Start of Supplied entries
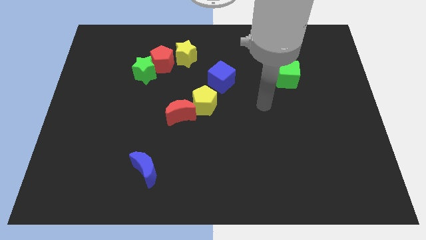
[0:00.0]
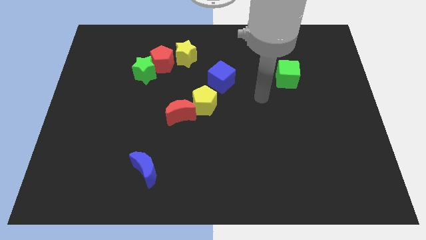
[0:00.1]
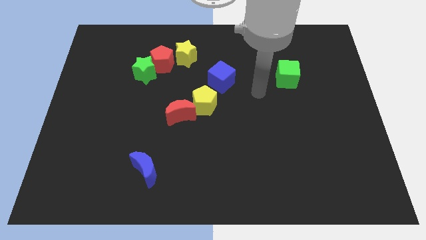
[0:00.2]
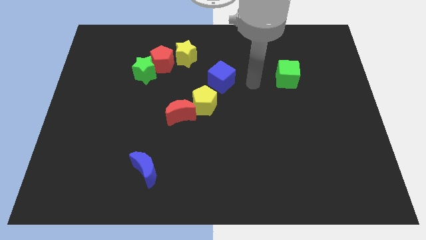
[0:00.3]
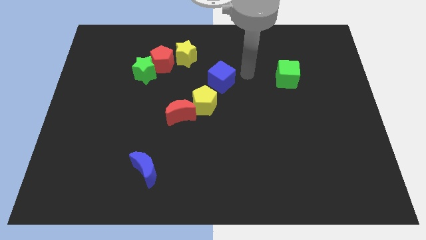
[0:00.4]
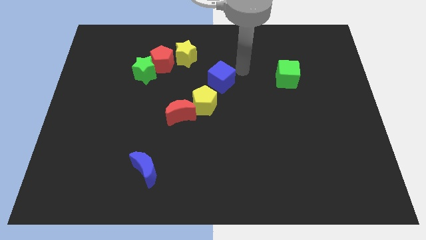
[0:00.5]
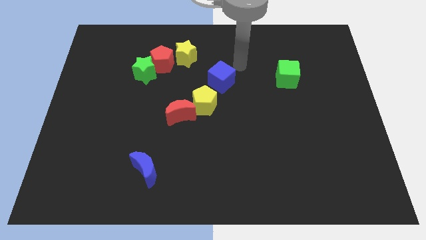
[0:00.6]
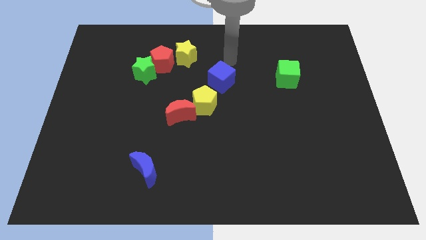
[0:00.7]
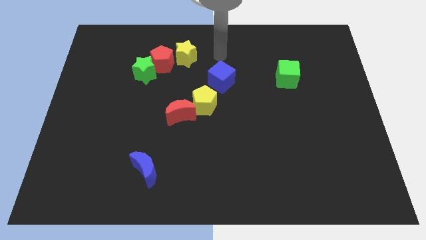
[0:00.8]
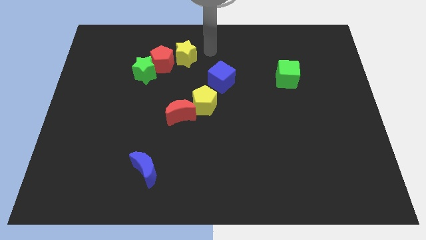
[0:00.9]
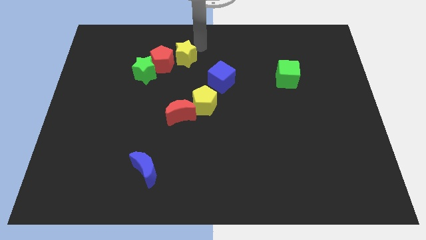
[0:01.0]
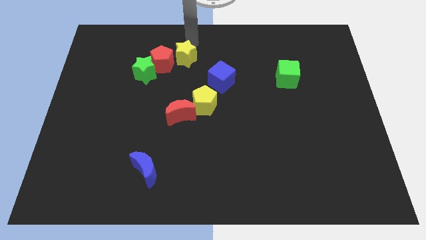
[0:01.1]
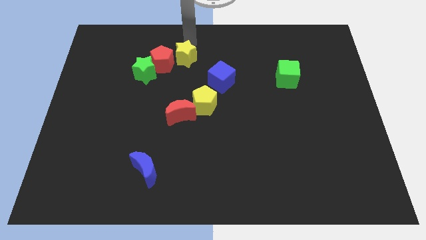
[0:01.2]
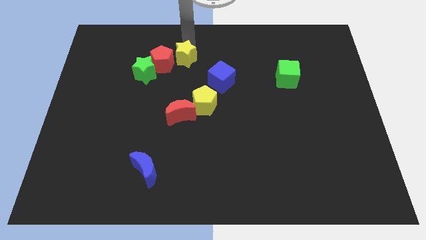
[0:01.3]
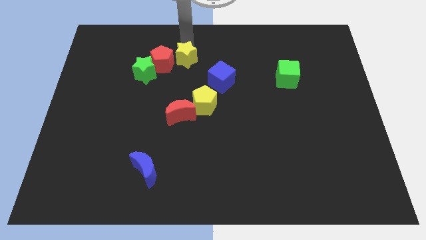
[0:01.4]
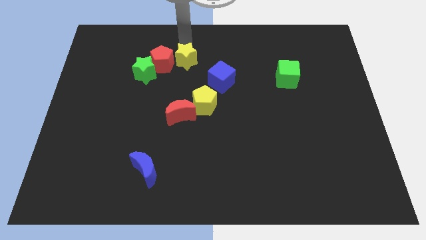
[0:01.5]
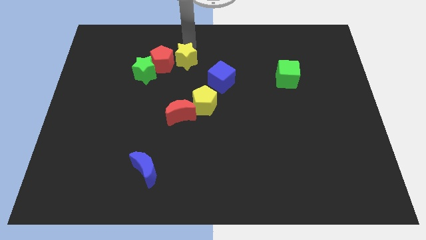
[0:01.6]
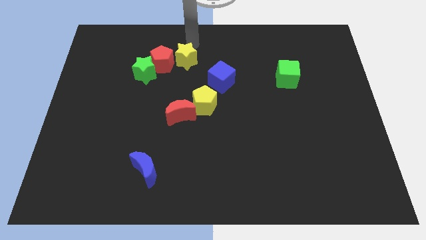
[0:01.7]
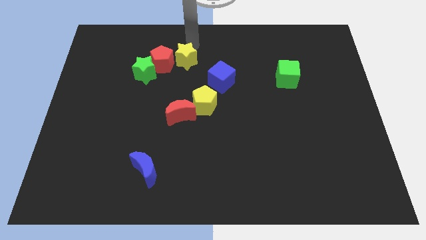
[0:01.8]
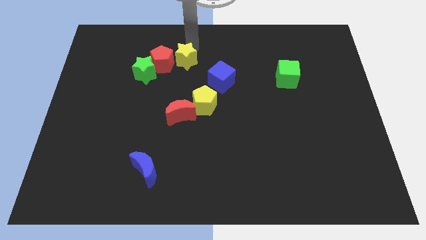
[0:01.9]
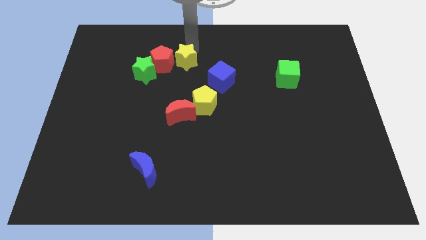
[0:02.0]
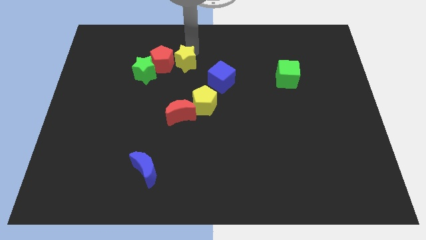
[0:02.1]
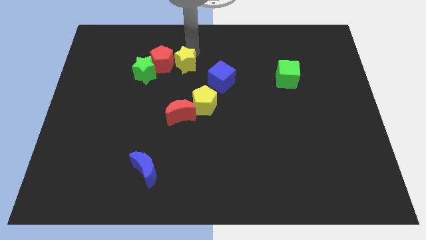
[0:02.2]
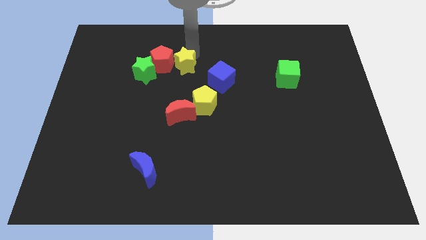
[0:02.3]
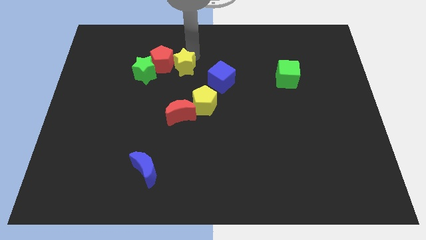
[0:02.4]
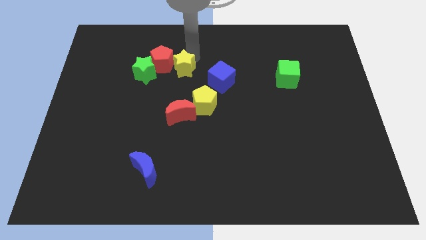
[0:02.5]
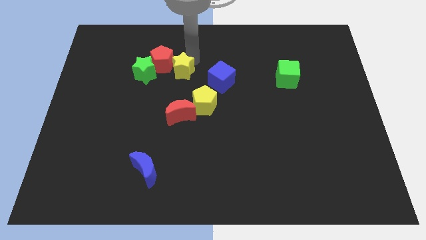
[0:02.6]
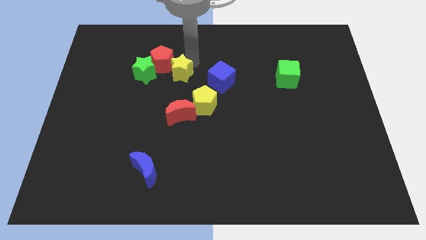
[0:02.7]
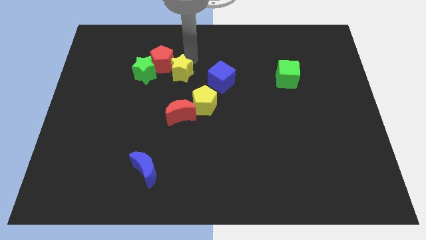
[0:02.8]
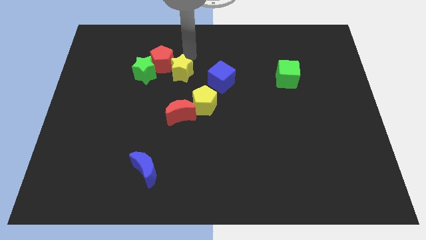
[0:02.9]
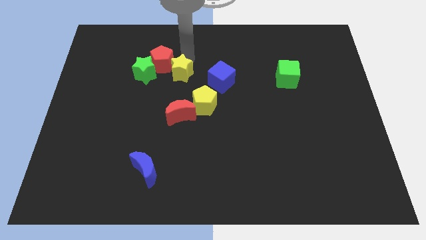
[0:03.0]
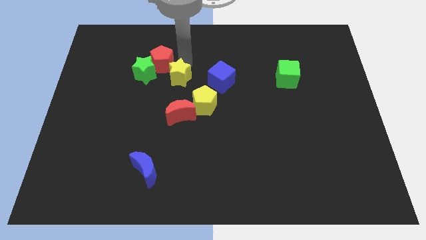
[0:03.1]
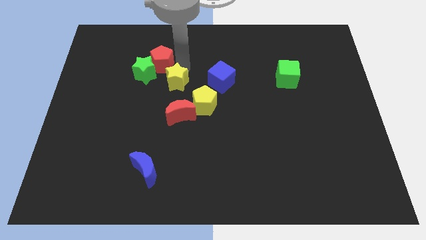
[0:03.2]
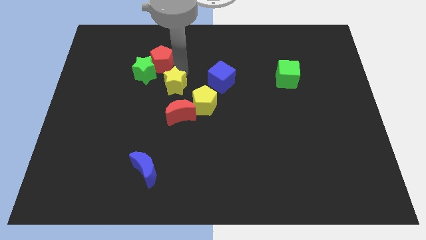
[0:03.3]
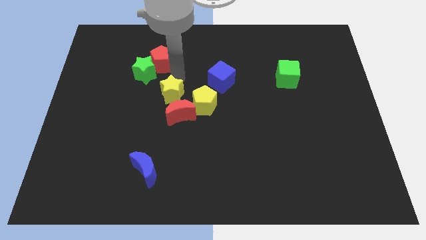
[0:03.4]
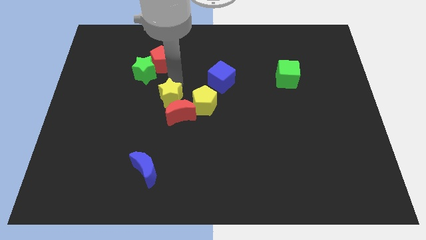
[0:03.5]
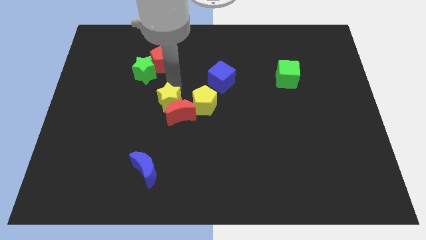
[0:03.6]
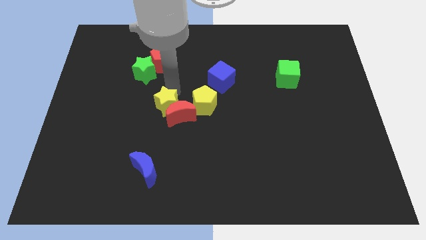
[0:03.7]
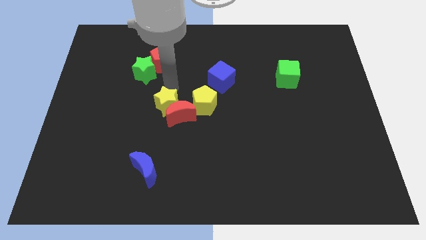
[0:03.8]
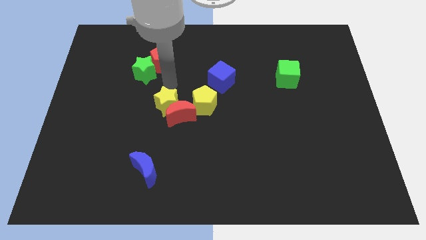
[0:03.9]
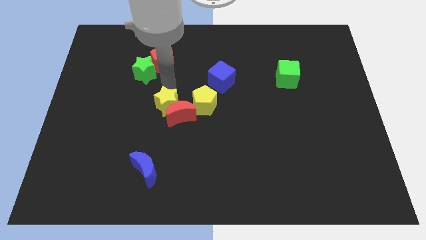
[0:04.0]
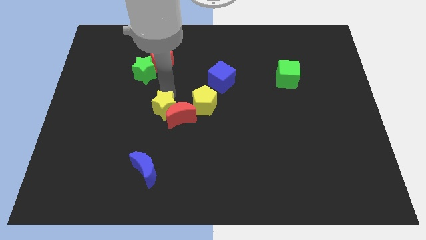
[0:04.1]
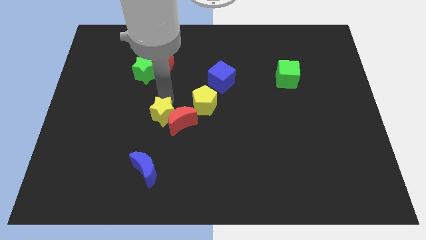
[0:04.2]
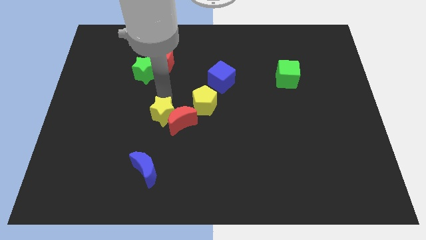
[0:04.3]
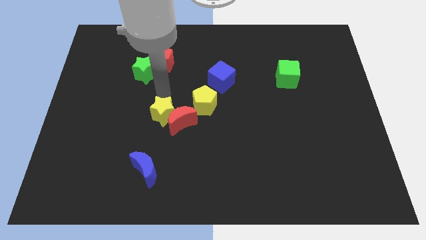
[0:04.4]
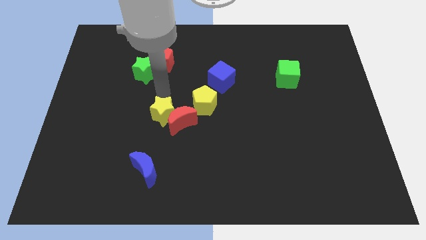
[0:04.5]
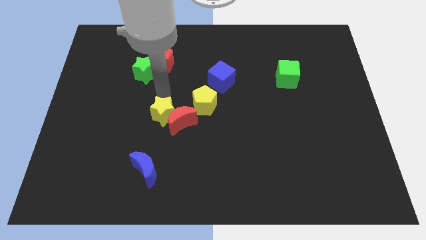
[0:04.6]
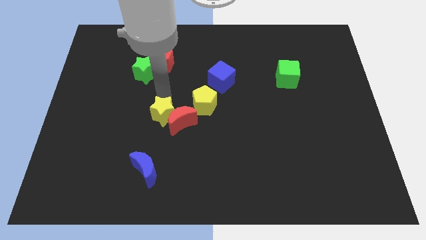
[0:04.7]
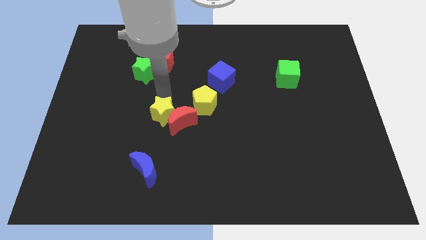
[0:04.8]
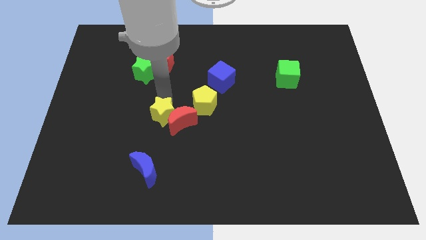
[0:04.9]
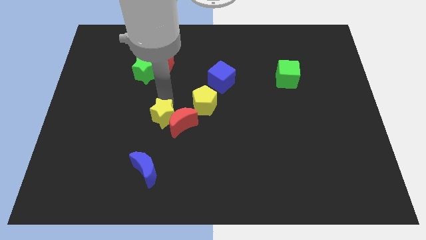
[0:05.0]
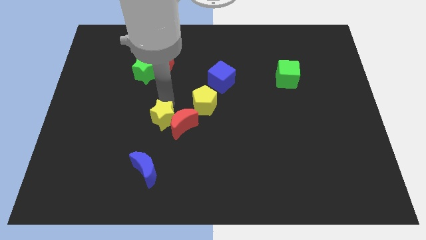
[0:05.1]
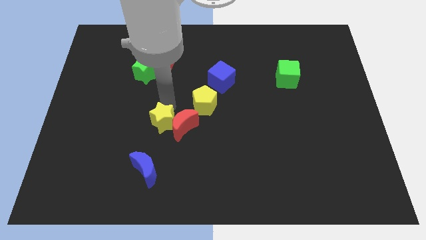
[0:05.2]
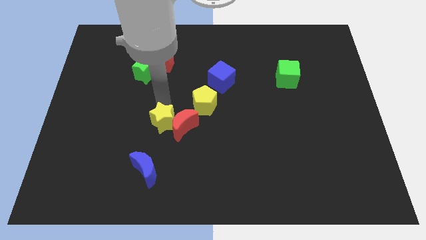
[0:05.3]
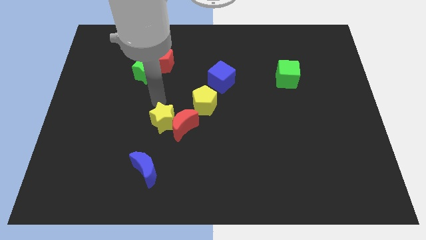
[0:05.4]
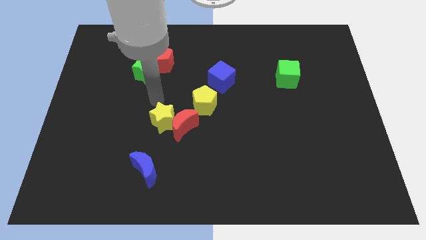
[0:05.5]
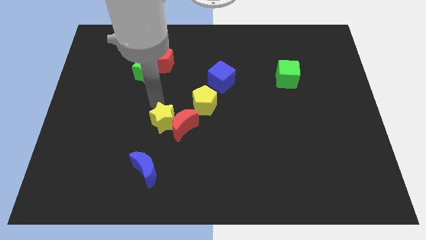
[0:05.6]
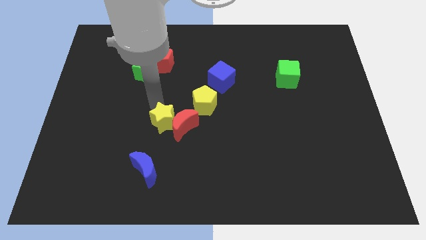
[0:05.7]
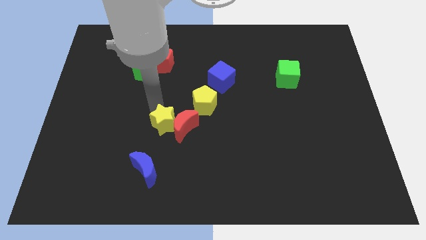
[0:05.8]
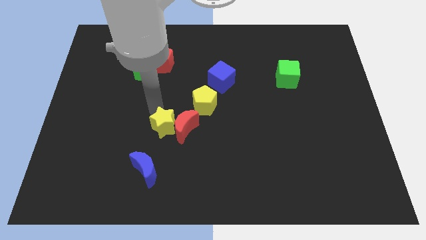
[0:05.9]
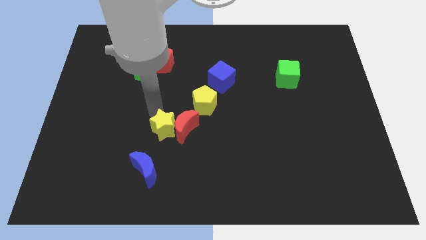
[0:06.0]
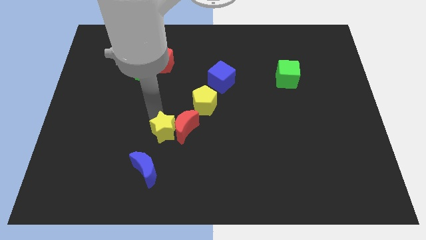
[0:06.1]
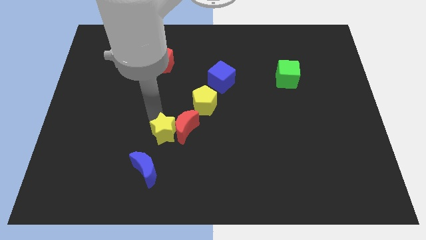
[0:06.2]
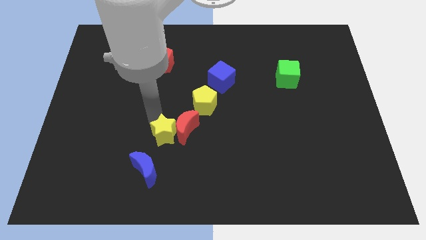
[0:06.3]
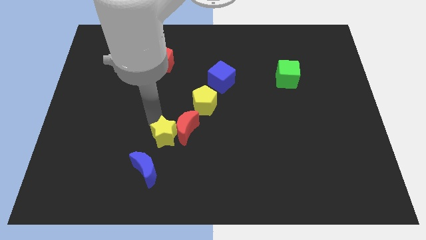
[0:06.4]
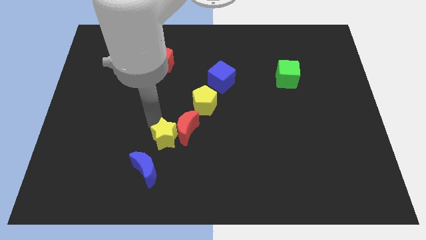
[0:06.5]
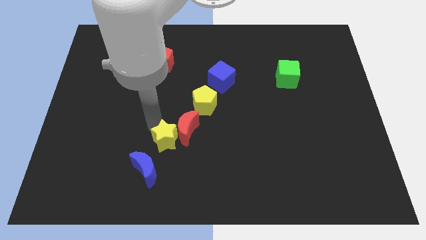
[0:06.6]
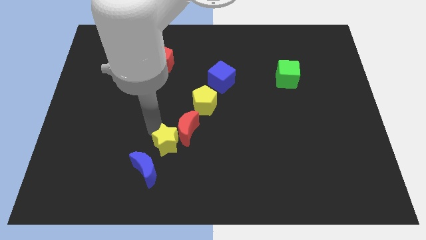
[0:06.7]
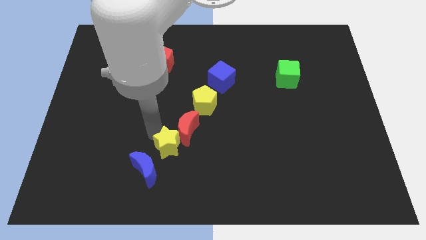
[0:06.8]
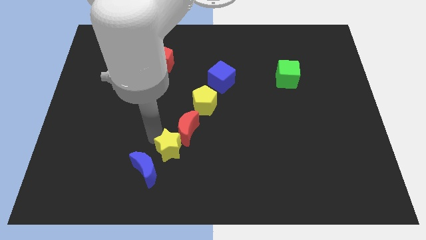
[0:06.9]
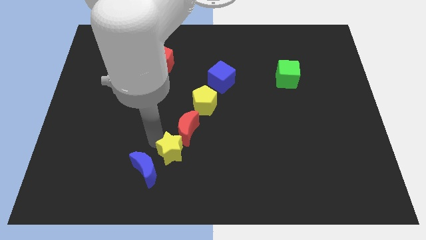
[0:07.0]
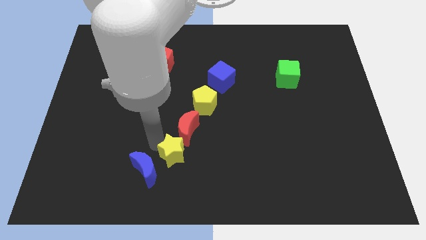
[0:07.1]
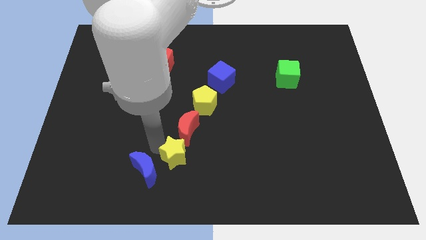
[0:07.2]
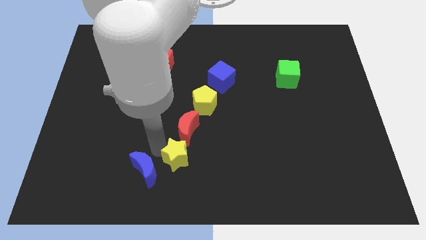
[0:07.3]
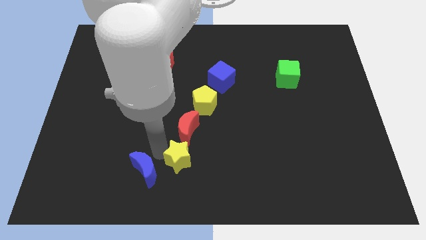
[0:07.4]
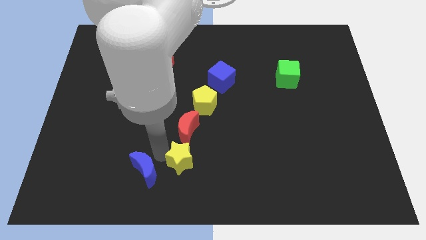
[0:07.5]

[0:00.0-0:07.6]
move the yellow star to the bottom
End of Supplied entries
The records above are to be duplicated exactly, pictures left out.

[0:00.0]
[0:00.1]
[0:00.2]
[0:00.3]
[0:00.4]
[0:00.5]
[0:00.6]
[0:00.7]
[0:00.8]
[0:00.9]
[0:01.0]
[0:01.1]
[0:01.2]
[0:01.3]
[0:01.4]
[0:01.5]
[0:01.6]
[0:01.7]
[0:01.8]
[0:01.9]
[0:02.0]
[0:02.1]
[0:02.2]
[0:02.3]
[0:02.4]
[0:02.5]
[0:02.6]
[0:02.7]
[0:02.8]
[0:02.9]
[0:03.0]
[0:03.1]
[0:03.2]
[0:03.3]
[0:03.4]
[0:03.5]
[0:03.6]
[0:03.7]
[0:03.8]
[0:03.9]
[0:04.0]
[0:04.1]
[0:04.2]
[0:04.3]
[0:04.4]
[0:04.5]
[0:04.6]
[0:04.7]
[0:04.8]
[0:04.9]
[0:05.0]
[0:05.1]
[0:05.2]
[0:05.3]
[0:05.4]
[0:05.5]
[0:05.6]
[0:05.7]
[0:05.8]
[0:05.9]
[0:06.0]
[0:06.1]
[0:06.2]
[0:06.3]
[0:06.4]
[0:06.5]
[0:06.6]
[0:06.7]
[0:06.8]
[0:06.9]
[0:07.0]
[0:07.1]
[0:07.2]
[0:07.3]
[0:07.4]
[0:07.5]

[0:00.0-0:07.6]
move the yellow star to the bottom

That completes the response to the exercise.